Single by Dr. Feelgood

from the album Let It Roll
- B-side: "Bend Your Ear"
- Released: August 1979
- Recorded: 1979
- Genre: Rock and roll, pub rock
- Length: 3:50
- Label: United Artists Records - BP 306
- Songwriter(s): Gypie Mayo, Mike Vernon
- Producer(s): Mike Vernon

Dr. Feelgood singles chronology
| "As Long As The Price is Right" (1979) | "Put Him Out of Your Mind" (1979) | "Hong Kong Money" (1980) |

= Put Him Out of Your Mind =

"Put Him Out of Your Mind" is a song by the band Dr. Feelgood. The track was recorded in 1979, and appeared on Let It Roll, an album by Dr. Feelgood that was released in September that year.

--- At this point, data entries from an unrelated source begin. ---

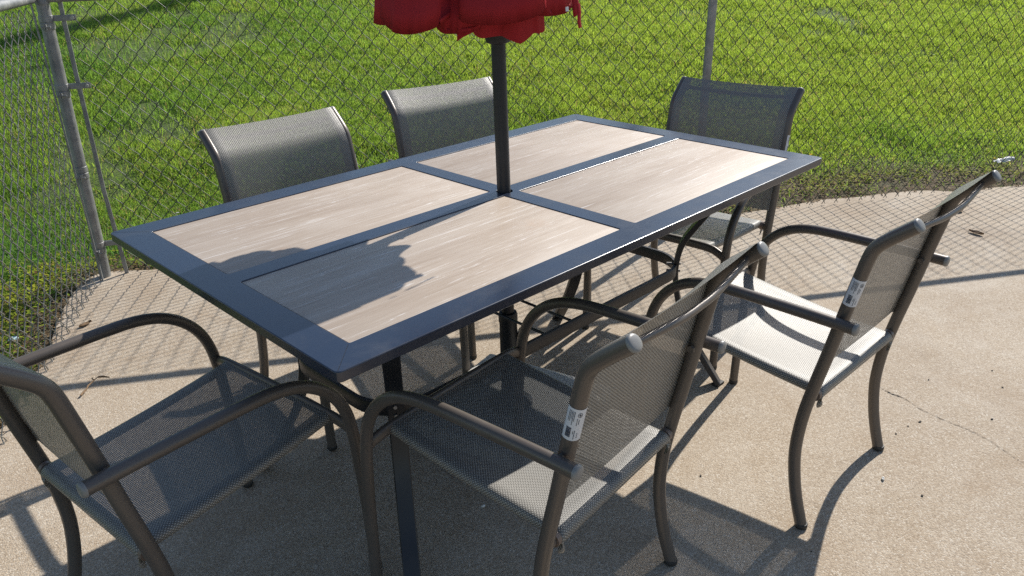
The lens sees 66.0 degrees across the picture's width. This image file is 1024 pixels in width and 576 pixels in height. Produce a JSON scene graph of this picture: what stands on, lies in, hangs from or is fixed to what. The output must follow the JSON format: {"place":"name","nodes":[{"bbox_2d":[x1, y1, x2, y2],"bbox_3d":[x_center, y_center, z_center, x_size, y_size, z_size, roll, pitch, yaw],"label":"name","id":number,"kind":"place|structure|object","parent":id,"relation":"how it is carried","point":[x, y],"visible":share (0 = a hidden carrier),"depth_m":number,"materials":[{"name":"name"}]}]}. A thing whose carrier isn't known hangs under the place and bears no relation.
{"place":"outdoors","nodes":[
{"label":"outdoors","id":0,"kind":"place"},
{"bbox_2d":[0,0,1023,425],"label":"ground","id":1,"kind":"structure","parent":0,"point":[892,178],"depth_m":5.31,"materials":[{"name":"plant"}]},
{"bbox_2d":[0,185,1023,575],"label":"concrete slab","id":2,"kind":"structure","parent":1,"relation":"on","point":[954,457],"depth_m":2.31,"materials":[{"name":"beige concrete"}]},
{"bbox_2d":[0,0,103,443],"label":"chain link fence","id":3,"kind":"object","parent":2,"relation":"on","point":[5,5],"visible":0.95,"depth_m":2.96,"materials":[{"name":"metal"}]},
{"bbox_2d":[78,320,91,326],"bbox_3d":[-1.711,0.143,3.161,0.026,0.011,0.056,11,27,25],"label":"dead leaf","id":4,"kind":"object","parent":2,"relation":"on","point":[85,323],"visible":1,"depth_m":3.16,"materials":[{"name":"brown plant"}]},
{"bbox_2d":[80,376,109,395],"bbox_3d":[-1.452,0.333,2.719,0.062,0.018,0.124,2,25,7],"label":"twig","id":5,"kind":"object","parent":2,"relation":"on","point":[83,392],"visible":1,"depth_m":2.73,"materials":[{"name":"brown wood"}]},
{"bbox_2d":[0,313,382,575],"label":"patio chair","id":6,"kind":"object","parent":2,"relation":"on","point":[128,526],"visible":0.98,"depth_m":1.64,"materials":[{"name":"grey metal"}]},
{"bbox_2d":[197,106,469,450],"bbox_3d":[-0.572,-0.080,2.566,0.556,0.863,0.664,-22,32,-38],"label":"patio chair","id":7,"kind":"object","parent":2,"relation":"on","point":[217,149],"visible":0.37,"depth_m":2.58,"materials":[{"name":"grey fabric"}]},
{"bbox_2d":[111,114,821,575],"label":"patio table","id":8,"kind":"object","parent":2,"relation":"on","point":[335,280],"visible":0.91,"depth_m":1.92,"materials":[{"name":"grey paint"}]},
{"bbox_2d":[381,76,590,359],"bbox_3d":[-0.106,-0.310,3.045,0.556,0.863,0.664,-16,28,-30],"label":"patio chair","id":9,"kind":"object","parent":2,"relation":"on","point":[396,103],"visible":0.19,"depth_m":3.07,"materials":[{"name":"grey fabric"}]},
{"bbox_2d":[413,309,610,478],"bbox_3d":[-0.001,0.239,2.417,0.470,0.379,0.470,13,28,29],"label":"umbrella base","id":10,"kind":"object","parent":2,"relation":"on","point":[508,334],"visible":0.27,"depth_m":2.36,"materials":[{"name":"metal"}]},
{"bbox_2d":[373,0,581,313],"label":"patio umbrella","id":11,"kind":"object","parent":10,"relation":"in","point":[497,25],"visible":1,"depth_m":1.82,"materials":[{"name":"red fabric"}]},
{"bbox_2d":[35,0,1023,277],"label":"chain link fence","id":12,"kind":"object","parent":2,"relation":"on","point":[47,20],"visible":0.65,"depth_m":3.59,"materials":[{"name":"metal"}]},
{"bbox_2d":[360,241,768,575],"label":"patio chair","id":13,"kind":"object","parent":2,"relation":"on","point":[588,414],"visible":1,"depth_m":1.60,"materials":[{"name":"grey metal"}]},
{"bbox_2d":[582,76,804,369],"bbox_3d":[0.678,-0.283,2.942,0.556,0.863,0.664,17,30,35],"label":"patio chair","id":14,"kind":"object","parent":2,"relation":"on","point":[788,102],"visible":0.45,"depth_m":2.93,"materials":[{"name":"grey fabric"}]},
{"bbox_2d":[631,170,1001,529],"bbox_3d":[0.767,0.096,2.103,0.556,0.863,0.664,-23,32,-39],"label":"patio chair","id":15,"kind":"object","parent":2,"relation":"on","point":[815,384],"visible":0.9,"depth_m":2.00,"materials":[{"name":"grey fabric"}]},
{"bbox_2d":[969,229,983,234],"bbox_3d":[2.266,-0.273,3.846,0.034,0.014,0.072,-16,28,-29],"label":"dead leaf","id":16,"kind":"object","parent":2,"relation":"on","point":[977,232],"visible":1,"depth_m":3.85,"materials":[{"name":"brown plant"}]},
{"bbox_2d":[0,0,1023,417],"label":"weeds","id":17,"kind":"object","parent":1,"relation":"on","point":[42,274],"visible":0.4,"depth_m":4.63,"materials":[{"name":"green plant"}]},
{"bbox_2d":[0,153,1023,432],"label":"leaf litter","id":18,"kind":"object","parent":1,"relation":"on","point":[60,317],"visible":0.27,"depth_m":4.20,"materials":[{"name":"brown plant"}]},
{"bbox_2d":[992,157,1014,162],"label":"litter","id":19,"kind":"object","parent":1,"relation":"on","point":[998,160],"visible":0.83,"depth_m":4.91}
]}

"Put Him Out of Your Mind" was also released as a single in the UK in August 1979, a month prior to the album's issue. Written by band member Gypie Mayo and the record producer Mike Vernon, the song was Dr. Feelgood's sixth and final hit single. It reached number 73 in the UK Singles Chart, and spent just one week in the listing.

The B-side of the gramophone record was "Bend Your Ear"; penned by Mayo and the band's lead vocalist, Lee Brilleaux (now deceased). The joint recording was engineered by Dick Plant and John McGowan at the DJM Studios. The picture sleeve shown is of the German release, which was the only issue with a picture sleeve.

In addition to Let It Roll, the song later appeared on Dr. Feelgood's 1989 compilation album, Singles - The UA Years.